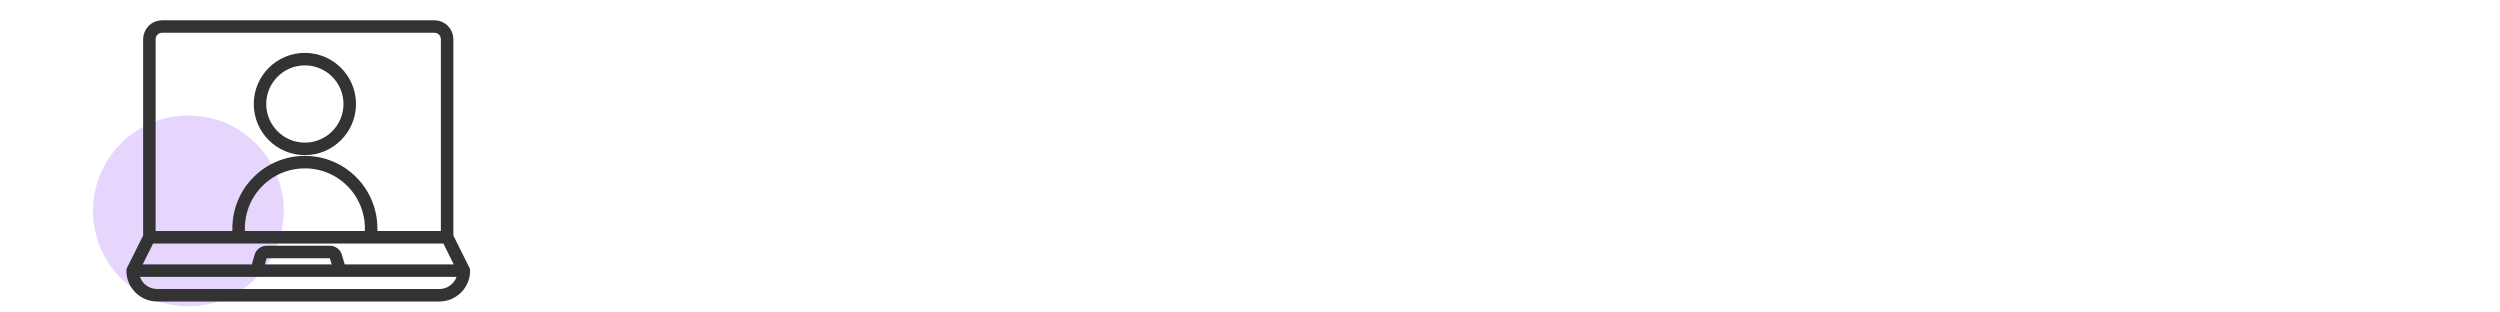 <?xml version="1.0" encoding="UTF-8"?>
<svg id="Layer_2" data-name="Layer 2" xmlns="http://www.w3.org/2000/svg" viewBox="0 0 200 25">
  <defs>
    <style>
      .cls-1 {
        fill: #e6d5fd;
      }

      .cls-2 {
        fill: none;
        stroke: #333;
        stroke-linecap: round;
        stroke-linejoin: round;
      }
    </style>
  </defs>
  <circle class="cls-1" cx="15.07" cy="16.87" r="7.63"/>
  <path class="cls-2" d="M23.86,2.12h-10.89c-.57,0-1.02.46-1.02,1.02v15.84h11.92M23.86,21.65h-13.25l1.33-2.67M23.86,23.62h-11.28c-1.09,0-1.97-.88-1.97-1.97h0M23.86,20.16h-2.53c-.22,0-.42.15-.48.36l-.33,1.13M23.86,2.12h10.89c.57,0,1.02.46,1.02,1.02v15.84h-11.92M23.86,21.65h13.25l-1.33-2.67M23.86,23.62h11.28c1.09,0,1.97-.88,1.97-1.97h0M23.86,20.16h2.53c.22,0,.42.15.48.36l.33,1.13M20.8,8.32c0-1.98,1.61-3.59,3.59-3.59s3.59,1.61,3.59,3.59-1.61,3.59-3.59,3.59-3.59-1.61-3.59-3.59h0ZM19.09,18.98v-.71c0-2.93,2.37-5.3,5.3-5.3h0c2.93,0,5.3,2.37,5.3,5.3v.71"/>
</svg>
——
Problem details
Would you transcribe exactly the lines from the one containing "stroke-linecap: round;" to the end of the material, and leave out the rest?

Written response
        stroke-linecap: round;
        stroke-linejoin: round;
      }
    </style>
  </defs>
  <circle class="cls-1" cx="15.07" cy="16.87" r="7.63"/>
  <path class="cls-2" d="M23.86,2.12h-10.89c-.57,0-1.02.46-1.02,1.02v15.84h11.92M23.86,21.65h-13.25l1.33-2.67M23.86,23.62h-11.28c-1.09,0-1.97-.88-1.97-1.97h0M23.86,20.16h-2.53c-.22,0-.42.15-.48.36l-.33,1.13M23.86,2.12h10.89c.57,0,1.02.46,1.02,1.02v15.84h-11.92M23.86,21.65h13.25l-1.33-2.67M23.86,23.62h11.28c1.09,0,1.97-.88,1.97-1.97h0M23.86,20.16h2.53c.22,0,.42.15.48.36l.33,1.13M20.8,8.32c0-1.98,1.61-3.59,3.59-3.59s3.59,1.61,3.59,3.59-1.61,3.59-3.59,3.59-3.59-1.61-3.59-3.59h0ZM19.09,18.98v-.71c0-2.93,2.37-5.3,5.3-5.3h0c2.93,0,5.3,2.37,5.3,5.3v.71"/>
</svg>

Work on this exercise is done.